BEGIN Exercise inputs

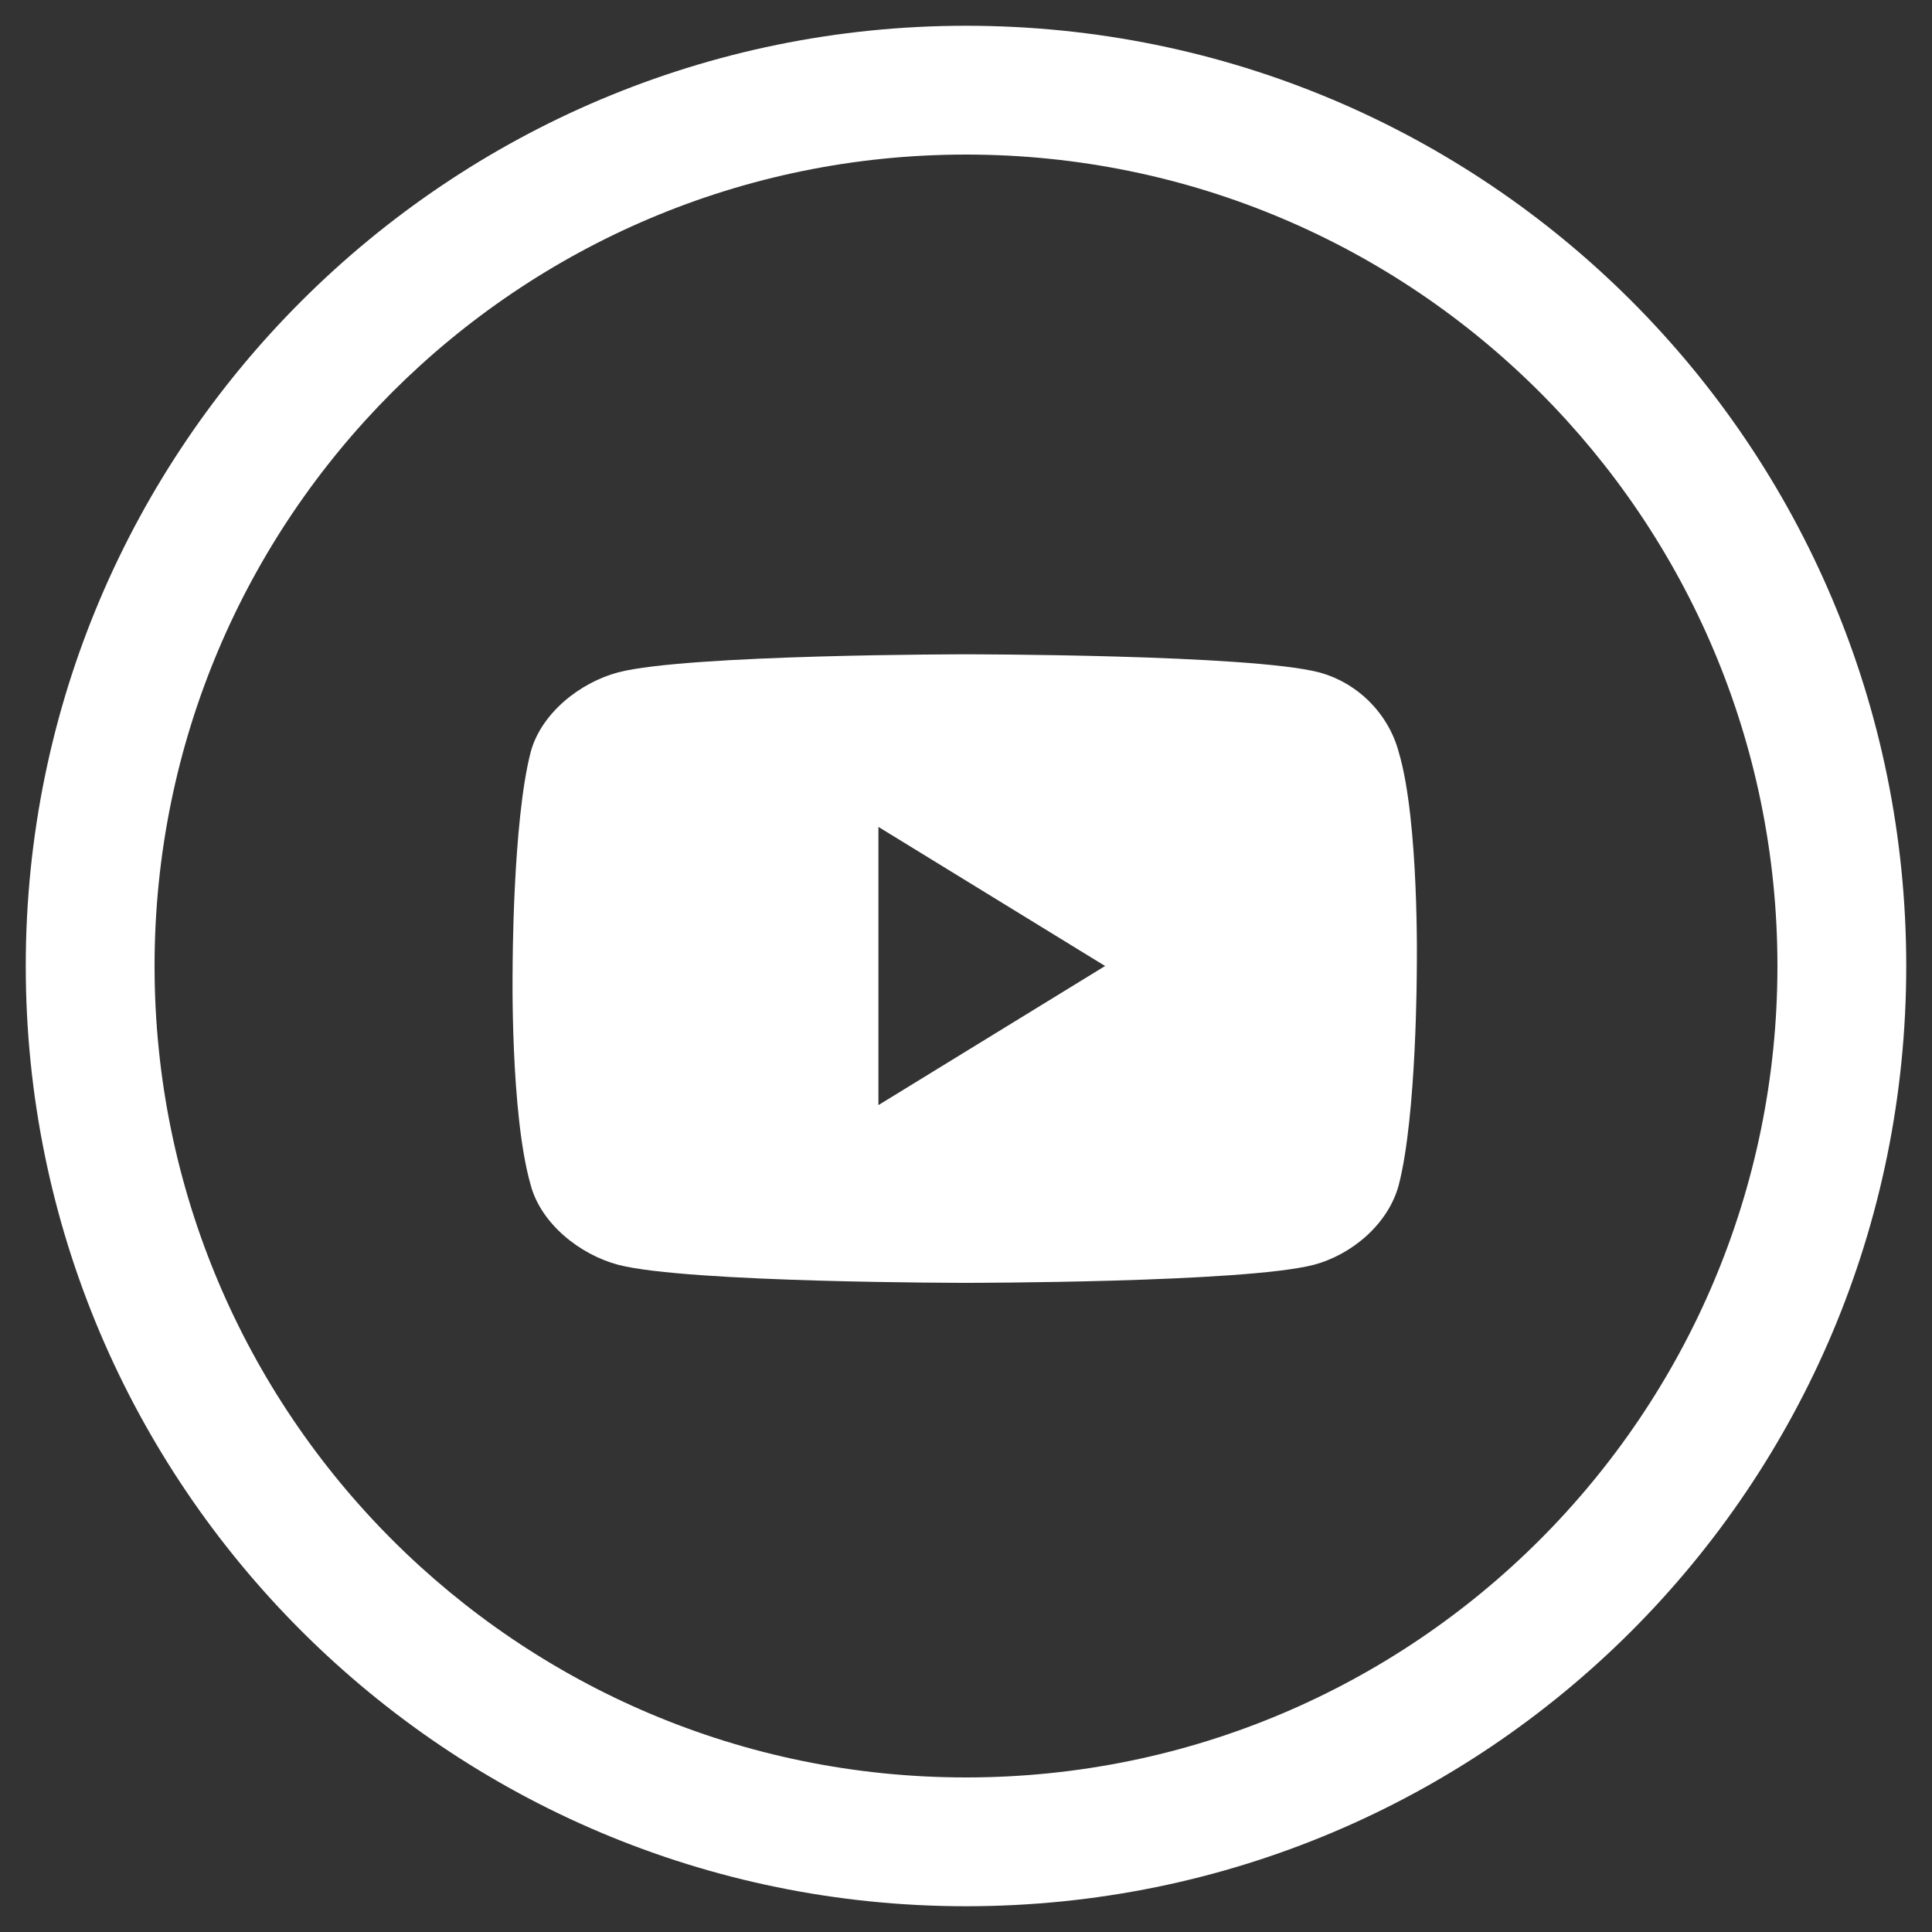 <?xml version="1.0" encoding="utf-8"?>
<!-- Generator: Adobe Illustrator 24.3.0, SVG Export Plug-In . SVG Version: 6.00 Build 0)  -->
<svg version="1.1" xmlns="http://www.w3.org/2000/svg" xmlns:xlink="http://www.w3.org/1999/xlink" x="0px" y="0px"
	 viewBox="0 0 75 75" style="enable-background:new 0 0 75 75;" xml:space="preserve">
<rect x="0" y="0" width="75" height="75" fill="#333333" stroke="none"/>
<style type="text/css">
	.st0{fill:#FFFFFF;}
</style>
<g id="Layer_1">
	<g>
		<path class="st0" d="M37.5,1L37.5,1C17.4,1,1,17.3,1,37.5C1,57.7,17.4,74,37.5,74C57.7,74,74,57.7,74,37.5C74,17.3,57.7,1,37.5,1z
			 M37.5,69L37.5,69C20.1,69,6,54.9,6,37.5C6,20.1,20.1,6,37.5,6C54.9,6,69,20.1,69,37.5C69,54.9,54.9,69,37.5,69z"/>
	</g>
</g>
<g id="Layer_2">
	<path class="st0" d="M54.3,29.2c-0.4-1.5-1.6-2.7-3.1-3.1c-2.7-0.7-13.7-0.7-13.7-0.7s-10.8,0-13.5,0.7c-1.5,0.4-3,1.6-3.4,3.1
		c-0.7,2.7-0.7,8.4-0.7,8.4s-0.1,5.6,0.7,8.4c0.4,1.5,1.9,2.7,3.4,3.1c2.7,0.7,13.5,0.7,13.5,0.7s10.8,0,13.5-0.7
		c1.5-0.4,2.9-1.6,3.3-3.1c0.7-2.7,0.7-8.4,0.7-8.4S55.1,31.9,54.3,29.2z M34.1,42.9V32.1l8.8,5.4L34.1,42.9z"/>
</g>
</svg>

END Exercise inputs

Assignment — Say how many lines of the records include the word "fill", and give nothing but the number.

Written reply — 2